Intuition and Tricks - Crafty Short Proof - Generators, Order of a Cyclic Group - Fraleigh p. 64 Theorem 6.14
This stronger result and easier proof is based on p. 58. Hence it isn't a duplicate of this.
Theorem 206 and 207. Let $G$ be a group, $k \in \mathbb{N}$ and $a \in G$ such that $|a| = n$.
Then:
206. $\langle a^k \rangle = \langle a^{\gcd(n,k)} \rangle$. $\qquad$
207. For any positive divisor $d$ of $n$, $|a^d | = n/d$.
(1-2.) What's the intuition for these two theorems? The file puts them together. I understand the proof of Theorem 206. Hence I don't write it out. The original file does some examples of Theorem 207 that show to use the theorem. But they don't flesh out the intuition and I can't tumble to it.
(3.) How do you envisage and envision the crafty first line in the proof? It feels supernormal to start with a magical exponent in $(a^d)^{n/d} = e$ that implies an inequality, $|a^d| \le n/d$.
(4). The nice people at this explain how to envisage and envision $|a^k | = \frac{n}{gcd(n, k)}$. Is there anything to add, different, or harder about envisaging and envisoning $|a^d | = n/d$?
Solution 1:
$1$. You are trying to find the order of the element $a^d$. The only thing you know about $a$ is that it has order $n$; in particular, $a^n = 1$. So, if you can get some power of $a^d$ to simplify to $a^n$, this will be $1$. As $d$ is a divisor of $n$, the fraction $\frac{n}{d}$ is an integer so we can take $a^d$ to the $\left(\frac{n}{d}\right)^{\text{th}}$ power which gives $$(a^d)^{\frac{n}{d}} = a^{d\times\frac{n}{d}} = a^n = 1.$$ We know that $\frac{n}{d}$ is a positive ($d$ is positive, so $\frac{n}{d}$ is positive) integer such that $(a^d)^{\frac{n}{d}} = 1$. So the order of $a^d$, which is the smallest positive integer $k$ such that $(a^d)^k = 1$, is less than $\frac{n}{d}$ (i.e. $|a^d| \leq \frac{n}{d}$). We still have to show that $\frac{n}{d}$ is the smallest such positive integer.
$2$. Here's one way to think about the result:
$$1\underset{\times a^d}{\underrightarrow{\xrightarrow{\times a} a^1 \xrightarrow{\times a}\dots \xrightarrow{\times a}}}a^d\underset{\times a^d}{\underrightarrow{\xrightarrow{\times a}\dots\xrightarrow{\times a}}}a^{2d}\underset{\phantom{\dots}\\\dots}{\xrightarrow{\times a}\dots\xrightarrow{\times a}}a^{n-d}=a^{d\left(\frac{n}{d}-1\right)}\underset{\times a^d}{\underrightarrow{\xrightarrow{\times a}\dots\xrightarrow{\times a}a^{n-1}\xrightarrow{\times a}}}1.$$
[If I were better with latex I would try to make this prettier. If anyone has suggestions of how to use latex to make this diagram clearer, please let me know.]

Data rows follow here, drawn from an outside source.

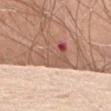Impression: Part of a total-body skin-imaging series; this lesion was reviewed on a skin check and was not flagged for biopsy. Clinical summary: A female patient, in their 70s. A 15 mm close-up tile from a total-body photography series done for melanoma screening. This is a white-light tile. From the abdomen.
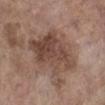<tbp_lesion>
<biopsy_status>not biopsied; imaged during a skin examination</biopsy_status>
<lesion_size>
  <long_diameter_mm_approx>6.5</long_diameter_mm_approx>
</lesion_size>
<automated_metrics>
  <vs_skin_darker_L>10.0</vs_skin_darker_L>
</automated_metrics>
<site>left lower leg</site>
<image>
  <source>total-body photography crop</source>
  <field_of_view_mm>15</field_of_view_mm>
</image>
<lighting>white-light</lighting>
<patient>
  <sex>female</sex>
  <age_approx>85+</age_approx>
</patient>
</tbp_lesion>
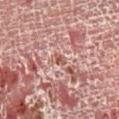The lesion was tiled from a total-body skin photograph and was not biopsied.
A 15 mm crop from a total-body photograph taken for skin-cancer surveillance.
The lesion is located on the right lower leg.
A male subject aged around 55.
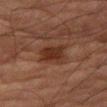The lesion was photographed on a routine skin check and not biopsied; there is no pathology result. This is a cross-polarized tile. Cropped from a whole-body photographic skin survey; the tile spans about 15 mm. The lesion is located on the right thigh. A male patient, roughly 80 years of age.
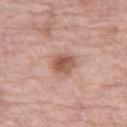Imaged with white-light lighting. A female subject, approximately 70 years of age. From the right thigh. The lesion-visualizer software estimated a footprint of about 6 mm², an eccentricity of roughly 0.55, and a shape-asymmetry score of about 0.15 (0 = symmetric). And it measured a lesion color around L≈55 a*≈23 b*≈28 in CIELAB, a lesion–skin lightness drop of about 12, and a normalized border contrast of about 8.5. It also reported border irregularity of about 1.5 on a 0–10 scale, a within-lesion color-variation index near 5/10, and radial color variation of about 2. And it measured an automated nevus-likeness rating near 85 out of 100. A 15 mm close-up tile from a total-body photography series done for melanoma screening. About 3 mm across.
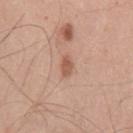biopsy status — catalogued during a skin exam; not biopsied
site — the front of the torso
imaging modality — 15 mm crop, total-body photography
automated lesion analysis — roughly 11 lightness units darker than nearby skin and a normalized lesion–skin contrast near 7.5; a border-irregularity rating of about 3/10, internal color variation of about 1 on a 0–10 scale, and radial color variation of about 0.5; lesion-presence confidence of about 100/100
patient — male, in their mid- to late 50s
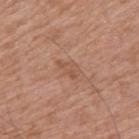Clinical impression: The lesion was tiled from a total-body skin photograph and was not biopsied. Acquisition and patient details: The lesion is located on the right upper arm. Automated image analysis of the tile measured a footprint of about 3.5 mm², a shape eccentricity near 0.85, and two-axis asymmetry of about 0.45. The analysis additionally found a lesion color around L≈53 a*≈22 b*≈31 in CIELAB, about 6 CIELAB-L* units darker than the surrounding skin, and a normalized border contrast of about 5. And it measured internal color variation of about 1.5 on a 0–10 scale and a peripheral color-asymmetry measure near 0.5. A male patient, aged approximately 60. Captured under white-light illumination. A 15 mm close-up tile from a total-body photography series done for melanoma screening.
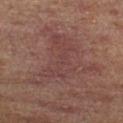Q: Was this lesion biopsied?
A: no biopsy performed (imaged during a skin exam)
Q: Where on the body is the lesion?
A: the right lower leg
Q: Who is the patient?
A: male, aged 63–67
Q: How was this image acquired?
A: total-body-photography crop, ~15 mm field of view
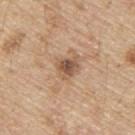Captured during whole-body skin photography for melanoma surveillance; the lesion was not biopsied.
The subject is a male roughly 70 years of age.
Imaged with white-light lighting.
The lesion is on the back.
Automated image analysis of the tile measured an area of roughly 5 mm², a shape eccentricity near 0.5, and a symmetry-axis asymmetry near 0.4. The analysis additionally found border irregularity of about 3.5 on a 0–10 scale, internal color variation of about 5.5 on a 0–10 scale, and radial color variation of about 1.5. The analysis additionally found a nevus-likeness score of about 55/100.
This image is a 15 mm lesion crop taken from a total-body photograph.
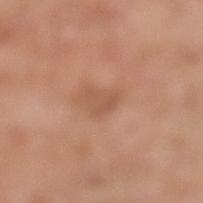Clinical impression:
This lesion was catalogued during total-body skin photography and was not selected for biopsy.
Background:
The subject is a male about 80 years old. This image is a 15 mm lesion crop taken from a total-body photograph. This is a white-light tile. Approximately 2.5 mm at its widest. Automated tile analysis of the lesion measured a within-lesion color-variation index near 1/10 and a peripheral color-asymmetry measure near 0.5. From the left lower leg.
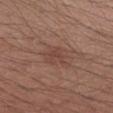biopsy status — catalogued during a skin exam; not biopsied
acquisition — 15 mm crop, total-body photography
automated metrics — an automated nevus-likeness rating near 0 out of 100 and lesion-presence confidence of about 100/100
patient — male, approximately 30 years of age
body site — the right forearm
tile lighting — white-light illumination
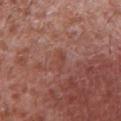Case summary:
* notes: no biopsy performed (imaged during a skin exam)
* anatomic site: the front of the torso
* patient: male, aged 43 to 47
* image source: total-body-photography crop, ~15 mm field of view
* automated metrics: a footprint of about 2.5 mm², a shape eccentricity near 0.9, and a shape-asymmetry score of about 0.4 (0 = symmetric); a nevus-likeness score of about 0/100 and lesion-presence confidence of about 90/100
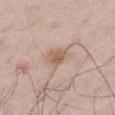This lesion was catalogued during total-body skin photography and was not selected for biopsy. The tile uses white-light illumination. A male patient, in their mid- to late 60s. About 3 mm across. From the right thigh. Cropped from a total-body skin-imaging series; the visible field is about 15 mm.
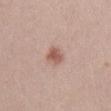Assessment:
This lesion was catalogued during total-body skin photography and was not selected for biopsy.
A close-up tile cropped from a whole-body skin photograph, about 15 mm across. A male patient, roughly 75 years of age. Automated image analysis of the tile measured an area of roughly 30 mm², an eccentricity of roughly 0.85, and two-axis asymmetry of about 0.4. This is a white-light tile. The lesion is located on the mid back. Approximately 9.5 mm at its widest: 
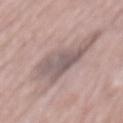Q: What is the histopathologic diagnosis?
A: an invasive melanoma, superficial spreading type; Breslow depth 0.3 mm, mitotic rate <1/mm²
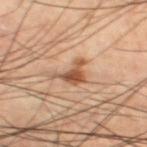The lesion was tiled from a total-body skin photograph and was not biopsied. An algorithmic analysis of the crop reported an automated nevus-likeness rating near 90 out of 100. Imaged with cross-polarized lighting. A male patient aged 58–62. The lesion is located on the left thigh. A 15 mm close-up tile from a total-body photography series done for melanoma screening.
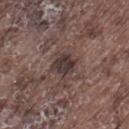Captured during whole-body skin photography for melanoma surveillance; the lesion was not biopsied.
The lesion is located on the leg.
Captured under white-light illumination.
Longest diameter approximately 2.5 mm.
The total-body-photography lesion software estimated a border-irregularity index near 2.5/10 and a within-lesion color-variation index near 2.5/10.
The subject is a male aged approximately 75.
A lesion tile, about 15 mm wide, cut from a 3D total-body photograph.
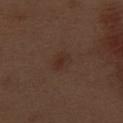Captured during whole-body skin photography for melanoma surveillance; the lesion was not biopsied. The lesion is on the right thigh. The tile uses white-light illumination. The subject is a male in their 70s. The lesion's longest dimension is about 2.5 mm. A close-up tile cropped from a whole-body skin photograph, about 15 mm across.
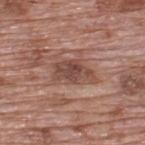Assessment: Recorded during total-body skin imaging; not selected for excision or biopsy. Acquisition and patient details: Longest diameter approximately 4.5 mm. A male subject in their 70s. Imaged with white-light lighting. The total-body-photography lesion software estimated an average lesion color of about L≈46 a*≈20 b*≈25 (CIELAB), a lesion–skin lightness drop of about 10, and a lesion-to-skin contrast of about 8 (normalized; higher = more distinct). The analysis additionally found a nevus-likeness score of about 0/100 and lesion-presence confidence of about 95/100. A 15 mm close-up extracted from a 3D total-body photography capture. Located on the upper back.
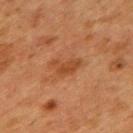workup = total-body-photography surveillance lesion; no biopsy | body site = the mid back | subject = female, about 40 years old | image = ~15 mm crop, total-body skin-cancer survey.
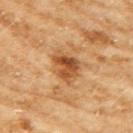Imaged during a routine full-body skin examination; the lesion was not biopsied and no histopathology is available. Located on the right upper arm. A roughly 15 mm field-of-view crop from a total-body skin photograph. A female subject, about 60 years old.
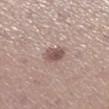{
  "biopsy_status": "not biopsied; imaged during a skin examination",
  "lesion_size": {
    "long_diameter_mm_approx": 2.5
  },
  "image": {
    "source": "total-body photography crop",
    "field_of_view_mm": 15
  },
  "patient": {
    "sex": "female",
    "age_approx": 35
  },
  "site": "right lower leg",
  "lighting": "white-light"
}
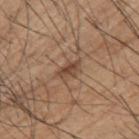body site: the left upper arm | image-analysis metrics: roughly 10 lightness units darker than nearby skin and a lesion-to-skin contrast of about 7.5 (normalized; higher = more distinct) | patient: male, aged around 55 | size: ≈2.5 mm | illumination: white-light illumination | image: 15 mm crop, total-body photography.
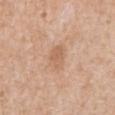biopsy status — total-body-photography surveillance lesion; no biopsy | size — about 3 mm | body site — the abdomen | patient — male, about 60 years old | image — ~15 mm tile from a whole-body skin photo | lighting — white-light.
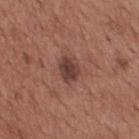Q: Where on the body is the lesion?
A: the back
Q: What lighting was used for the tile?
A: white-light
Q: How was this image acquired?
A: total-body-photography crop, ~15 mm field of view
Q: What are the patient's age and sex?
A: male, aged around 65
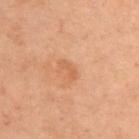{"biopsy_status": "not biopsied; imaged during a skin examination"}
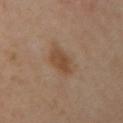Clinical impression:
The lesion was tiled from a total-body skin photograph and was not biopsied.
Clinical summary:
A female subject aged 38–42. An algorithmic analysis of the crop reported a mean CIELAB color near L≈47 a*≈18 b*≈31, a lesion–skin lightness drop of about 8, and a normalized border contrast of about 7.5. And it measured a border-irregularity rating of about 2/10, a color-variation rating of about 2.5/10, and a peripheral color-asymmetry measure near 1. And it measured a nevus-likeness score of about 70/100 and a detector confidence of about 100 out of 100 that the crop contains a lesion. On the left arm. Cropped from a total-body skin-imaging series; the visible field is about 15 mm. This is a cross-polarized tile. Approximately 3.5 mm at its widest.
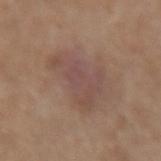The lesion was tiled from a total-body skin photograph and was not biopsied.
A close-up tile cropped from a whole-body skin photograph, about 15 mm across.
Located on the right forearm.
A male subject, aged approximately 70.
An algorithmic analysis of the crop reported a border-irregularity rating of about 6/10, a color-variation rating of about 3/10, and a peripheral color-asymmetry measure near 1.
Imaged with white-light lighting.
Longest diameter approximately 6 mm.
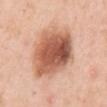A roughly 15 mm field-of-view crop from a total-body skin photograph.
The lesion's longest dimension is about 8 mm.
The lesion is located on the right upper arm.
The patient is a female approximately 50 years of age.
Automated image analysis of the tile measured a lesion color around L≈58 a*≈25 b*≈32 in CIELAB, a lesion–skin lightness drop of about 17, and a lesion-to-skin contrast of about 10.5 (normalized; higher = more distinct). The analysis additionally found a color-variation rating of about 8.5/10. The software also gave a classifier nevus-likeness of about 90/100.
Imaged with white-light lighting.
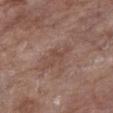Recorded during total-body skin imaging; not selected for excision or biopsy. The tile uses white-light illumination. A close-up tile cropped from a whole-body skin photograph, about 15 mm across. The lesion is on the chest. A female patient, in their mid- to late 70s. The lesion's longest dimension is about 4 mm.
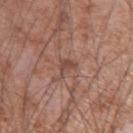Q: What is the anatomic site?
A: the left upper arm
Q: What is the lesion's diameter?
A: about 2.5 mm
Q: What kind of image is this?
A: ~15 mm tile from a whole-body skin photo
Q: What did automated image analysis measure?
A: a lesion area of about 3.5 mm², an eccentricity of roughly 0.7, and a symmetry-axis asymmetry near 0.4; an average lesion color of about L≈47 a*≈20 b*≈25 (CIELAB), roughly 8 lightness units darker than nearby skin, and a lesion-to-skin contrast of about 6 (normalized; higher = more distinct); a classifier nevus-likeness of about 0/100 and a lesion-detection confidence of about 75/100
Q: Patient demographics?
A: male, about 75 years old
Q: What lighting was used for the tile?
A: white-light
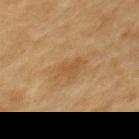The lesion was photographed on a routine skin check and not biopsied; there is no pathology result.
Imaged with cross-polarized lighting.
A lesion tile, about 15 mm wide, cut from a 3D total-body photograph.
The subject is a female aged around 60.
The recorded lesion diameter is about 3.5 mm.
The lesion is located on the upper back.
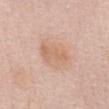This lesion was catalogued during total-body skin photography and was not selected for biopsy. Cropped from a total-body skin-imaging series; the visible field is about 15 mm. Longest diameter approximately 4.5 mm. Located on the front of the torso. A female patient about 60 years old. Imaged with white-light lighting.
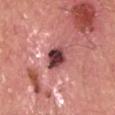follow-up = no biopsy performed (imaged during a skin exam)
acquisition = 15 mm crop, total-body photography
patient = male, in their 60s
anatomic site = the head or neck
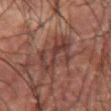Acquisition and patient details:
A male subject, in their mid- to late 50s. A close-up tile cropped from a whole-body skin photograph, about 15 mm across. The lesion is on the right upper arm.
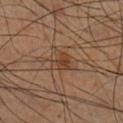Impression:
The lesion was photographed on a routine skin check and not biopsied; there is no pathology result.
Context:
The subject is a male in their 60s. A 15 mm crop from a total-body photograph taken for skin-cancer surveillance. The lesion is on the right lower leg.
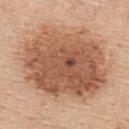| feature | finding |
|---|---|
| notes | imaged on a skin check; not biopsied |
| body site | the upper back |
| subject | female, aged 43 to 47 |
| imaging modality | ~15 mm tile from a whole-body skin photo |
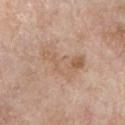Imaged during a routine full-body skin examination; the lesion was not biopsied and no histopathology is available.
From the chest.
The tile uses white-light illumination.
Longest diameter approximately 6 mm.
A 15 mm close-up tile from a total-body photography series done for melanoma screening.
The subject is a male in their 60s.
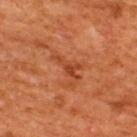Assessment:
Imaged during a routine full-body skin examination; the lesion was not biopsied and no histopathology is available.
Background:
A region of skin cropped from a whole-body photographic capture, roughly 15 mm wide. A male subject, aged around 65. The lesion-visualizer software estimated border irregularity of about 8.5 on a 0–10 scale and peripheral color asymmetry of about 0.5. Captured under cross-polarized illumination. From the upper back.
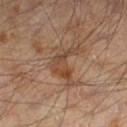notes = catalogued during a skin exam; not biopsied
imaging modality = 15 mm crop, total-body photography
TBP lesion metrics = a border-irregularity index near 7/10, internal color variation of about 5 on a 0–10 scale, and radial color variation of about 1
lesion diameter = ~4 mm (longest diameter)
patient = male, aged around 65
location = the left lower leg
illumination = cross-polarized illumination
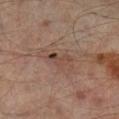Q: Was this lesion biopsied?
A: imaged on a skin check; not biopsied
Q: Who is the patient?
A: male, in their mid- to late 60s
Q: Where on the body is the lesion?
A: the right lower leg
Q: What is the imaging modality?
A: ~15 mm crop, total-body skin-cancer survey
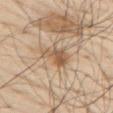Captured during whole-body skin photography for melanoma surveillance; the lesion was not biopsied.
A 15 mm close-up tile from a total-body photography series done for melanoma screening.
A male patient, approximately 80 years of age.
An algorithmic analysis of the crop reported a lesion color around L≈57 a*≈17 b*≈33 in CIELAB, roughly 11 lightness units darker than nearby skin, and a normalized lesion–skin contrast near 7.5. The software also gave a lesion-detection confidence of about 100/100.
From the back.
Captured under white-light illumination.
Longest diameter approximately 4 mm.
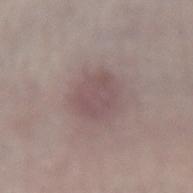| feature | finding |
|---|---|
| biopsy status | imaged on a skin check; not biopsied |
| patient | female, aged approximately 50 |
| anatomic site | the leg |
| imaging modality | total-body-photography crop, ~15 mm field of view |
| automated metrics | a footprint of about 11 mm², an eccentricity of roughly 0.55, and a shape-asymmetry score of about 0.15 (0 = symmetric); a mean CIELAB color near L≈50 a*≈16 b*≈16, a lesion–skin lightness drop of about 7, and a lesion-to-skin contrast of about 5.5 (normalized; higher = more distinct); an automated nevus-likeness rating near 5 out of 100 |
| tile lighting | white-light illumination |
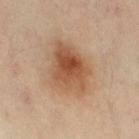Part of a total-body skin-imaging series; this lesion was reviewed on a skin check and was not flagged for biopsy. The tile uses cross-polarized illumination. The lesion is located on the leg. The subject is a female about 40 years old. A region of skin cropped from a whole-body photographic capture, roughly 15 mm wide. The recorded lesion diameter is about 6 mm.
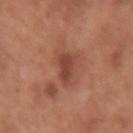Imaged during a routine full-body skin examination; the lesion was not biopsied and no histopathology is available.
The total-body-photography lesion software estimated a nevus-likeness score of about 5/100 and a lesion-detection confidence of about 100/100.
On the right upper arm.
About 3 mm across.
This is a white-light tile.
A female patient, aged approximately 50.
A 15 mm close-up tile from a total-body photography series done for melanoma screening.
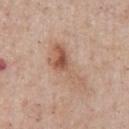Q: Is there a histopathology result?
A: catalogued during a skin exam; not biopsied
Q: What kind of image is this?
A: ~15 mm crop, total-body skin-cancer survey
Q: How was the tile lit?
A: white-light
Q: What did automated image analysis measure?
A: a normalized border contrast of about 7; internal color variation of about 7 on a 0–10 scale and a peripheral color-asymmetry measure near 2; a nevus-likeness score of about 50/100 and a lesion-detection confidence of about 100/100
Q: What are the patient's age and sex?
A: male, in their mid- to late 50s
Q: What is the anatomic site?
A: the chest
Q: How large is the lesion?
A: ≈6.5 mm
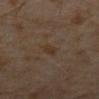Q: Was this lesion biopsied?
A: no biopsy performed (imaged during a skin exam)
Q: What kind of image is this?
A: 15 mm crop, total-body photography
Q: What did automated image analysis measure?
A: an automated nevus-likeness rating near 0 out of 100 and a lesion-detection confidence of about 100/100
Q: Who is the patient?
A: male, aged 63 to 67
Q: Lesion size?
A: ~2.5 mm (longest diameter)
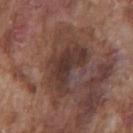Impression:
Imaged during a routine full-body skin examination; the lesion was not biopsied and no histopathology is available.
Context:
Longest diameter approximately 6.5 mm. The patient is a male aged around 75. On the front of the torso. Imaged with white-light lighting. Cropped from a whole-body photographic skin survey; the tile spans about 15 mm.
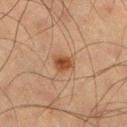Q: Was this lesion biopsied?
A: total-body-photography surveillance lesion; no biopsy
Q: What is the anatomic site?
A: the left thigh
Q: What is the imaging modality?
A: ~15 mm crop, total-body skin-cancer survey
Q: Automated lesion metrics?
A: a lesion area of about 4.5 mm² and a shape-asymmetry score of about 0.25 (0 = symmetric); border irregularity of about 2 on a 0–10 scale, a within-lesion color-variation index near 3/10, and a peripheral color-asymmetry measure near 1; a detector confidence of about 100 out of 100 that the crop contains a lesion
Q: How was the tile lit?
A: cross-polarized illumination
Q: What is the lesion's diameter?
A: ~2.5 mm (longest diameter)
Q: Patient demographics?
A: male, about 65 years old
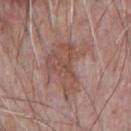Part of a total-body skin-imaging series; this lesion was reviewed on a skin check and was not flagged for biopsy.
The subject is a male roughly 70 years of age.
Automated tile analysis of the lesion measured a lesion area of about 20 mm², an outline eccentricity of about 0.75 (0 = round, 1 = elongated), and a shape-asymmetry score of about 0.55 (0 = symmetric). The analysis additionally found border irregularity of about 7.5 on a 0–10 scale, a within-lesion color-variation index near 4/10, and a peripheral color-asymmetry measure near 1.5.
The tile uses white-light illumination.
Located on the chest.
A close-up tile cropped from a whole-body skin photograph, about 15 mm across.
The recorded lesion diameter is about 7 mm.
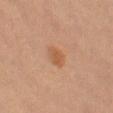Assessment:
Recorded during total-body skin imaging; not selected for excision or biopsy.
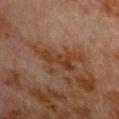follow-up: total-body-photography surveillance lesion; no biopsy
site: the chest
automated metrics: an eccentricity of roughly 0.9 and two-axis asymmetry of about 0.4; an average lesion color of about L≈29 a*≈17 b*≈25 (CIELAB), about 6 CIELAB-L* units darker than the surrounding skin, and a lesion-to-skin contrast of about 8 (normalized; higher = more distinct); a border-irregularity index near 6/10 and radial color variation of about 0.5; a classifier nevus-likeness of about 0/100 and a lesion-detection confidence of about 100/100
subject: male, approximately 80 years of age
size: ≈5 mm
tile lighting: cross-polarized
acquisition: 15 mm crop, total-body photography
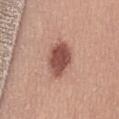- workup: total-body-photography surveillance lesion; no biopsy
- image: 15 mm crop, total-body photography
- TBP lesion metrics: an area of roughly 11 mm², an outline eccentricity of about 0.75 (0 = round, 1 = elongated), and a symmetry-axis asymmetry near 0.2; border irregularity of about 1.5 on a 0–10 scale, a color-variation rating of about 3/10, and peripheral color asymmetry of about 1; an automated nevus-likeness rating near 90 out of 100 and a lesion-detection confidence of about 100/100
- body site: the abdomen
- lesion size: ≈4.5 mm
- lighting: white-light
- patient: female, aged approximately 35
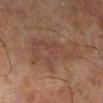Q: Is there a histopathology result?
A: imaged on a skin check; not biopsied
Q: What lighting was used for the tile?
A: cross-polarized illumination
Q: What is the lesion's diameter?
A: about 8 mm
Q: Lesion location?
A: the right lower leg
Q: What kind of image is this?
A: ~15 mm crop, total-body skin-cancer survey
Q: Who is the patient?
A: male, approximately 70 years of age
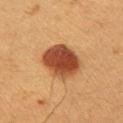follow-up=imaged on a skin check; not biopsied
image=total-body-photography crop, ~15 mm field of view
lesion size=≈5 mm
subject=male, aged 38–42
location=the left upper arm
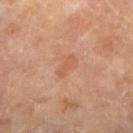biopsy status = catalogued during a skin exam; not biopsied | lesion diameter = ~2.5 mm (longest diameter) | subject = female, roughly 70 years of age | acquisition = ~15 mm crop, total-body skin-cancer survey | illumination = cross-polarized | body site = the left lower leg.
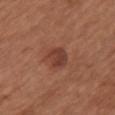Notes:
– workup · no biopsy performed (imaged during a skin exam)
– anatomic site · the chest
– lesion diameter · ≈3 mm
– patient · female, about 65 years old
– acquisition · 15 mm crop, total-body photography
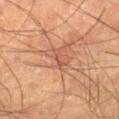workup — imaged on a skin check; not biopsied
image — total-body-photography crop, ~15 mm field of view
patient — male, approximately 65 years of age
illumination — cross-polarized illumination
automated metrics — a mean CIELAB color near L≈50 a*≈23 b*≈30 and a normalized border contrast of about 5; border irregularity of about 5.5 on a 0–10 scale, internal color variation of about 0 on a 0–10 scale, and peripheral color asymmetry of about 0; a nevus-likeness score of about 0/100 and a lesion-detection confidence of about 55/100
location — the left lower leg
diameter — ≈2.5 mm
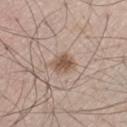Assessment:
Recorded during total-body skin imaging; not selected for excision or biopsy.
Context:
A male subject in their mid- to late 40s. From the leg. Automated tile analysis of the lesion measured a footprint of about 5.5 mm², an eccentricity of roughly 0.7, and two-axis asymmetry of about 0.15. It also reported an average lesion color of about L≈54 a*≈16 b*≈27 (CIELAB). About 3 mm across. Imaged with white-light lighting. Cropped from a whole-body photographic skin survey; the tile spans about 15 mm.
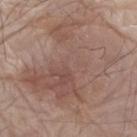Imaged during a routine full-body skin examination; the lesion was not biopsied and no histopathology is available.
Longest diameter approximately 10 mm.
The lesion-visualizer software estimated a lesion area of about 55 mm². The software also gave a nevus-likeness score of about 0/100 and lesion-presence confidence of about 100/100.
A male patient, about 80 years old.
A lesion tile, about 15 mm wide, cut from a 3D total-body photograph.
Located on the left arm.
The tile uses white-light illumination.
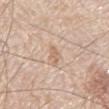No biopsy was performed on this lesion — it was imaged during a full skin examination and was not determined to be concerning.
Cropped from a whole-body photographic skin survey; the tile spans about 15 mm.
From the mid back.
The subject is a male in their 80s.
Longest diameter approximately 2.5 mm.
Automated image analysis of the tile measured a lesion color around L≈64 a*≈18 b*≈31 in CIELAB, a lesion–skin lightness drop of about 8, and a normalized border contrast of about 6. The software also gave a border-irregularity rating of about 3.5/10 and a color-variation rating of about 0/10. The software also gave a lesion-detection confidence of about 100/100.
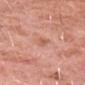Imaged during a routine full-body skin examination; the lesion was not biopsied and no histopathology is available. A male subject, aged around 80. The lesion is located on the head or neck. This image is a 15 mm lesion crop taken from a total-body photograph. Captured under white-light illumination.
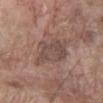Notes:
* notes — imaged on a skin check; not biopsied
* anatomic site — the arm
* patient — male, aged 58 to 62
* image — 15 mm crop, total-body photography
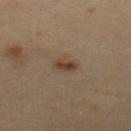{
  "biopsy_status": "not biopsied; imaged during a skin examination",
  "site": "upper back",
  "automated_metrics": {
    "eccentricity": 0.85
  },
  "image": {
    "source": "total-body photography crop",
    "field_of_view_mm": 15
  },
  "patient": {
    "sex": "male",
    "age_approx": 35
  },
  "lighting": "cross-polarized",
  "lesion_size": {
    "long_diameter_mm_approx": 3.0
  }
}

That is, if we follow the arrows along the top, it takes $n$ of them to get from $1$ back to $1$. As each arrow corresponds to multiplication by $a$, we see that $a^n = 1$. If we follow the arrows along the bottom, how many arrows does it take to get back to $1$? As each arrow corresponds to multiplication by $a^d$, we see that $(a^d)^? = 1$.
Solution 2:
This is proved (in passing) in my answer to your prior question. The key idea is this: in $\,\Bbb Z$ we know by the Euclidean Division Algorithm and Bezout that every nonzero additive subgroup is generated by its least positive element. In particular, the Bezout identity in group theoretic language says $\, k\,\Bbb Z + n\,\Bbb Z = (k,n)\,\Bbb Z.$ $\bmod n,$ this implies $\, k\,\Bbb Z/n = (k,n)\,\Bbb Z/n,\ $ i.e. $\ \langle k\rangle = \langle (k,n)\rangle\,$ in $\,\Bbb Z/n.$
Here, again, we use $\,\Bbb Z/n,\, $ the canonical additive model of the cyclic group of order $\,n.\,$ This allows us to exploit to the hilt our well-honed intuition about integer arithmetic.
Remark $ $ A nice way to gain intuition about subgroups of cyclic groups is via toys such as Spirograph (e.g. images below) and Hoot-Nanny, which yield nice animations of the generation of subgroups of $\,\Bbb Z/n,\,$ modelled as roulette curves and/or star polygons. This is an often effective way to introduce various group-theoretical ideas to bright young children.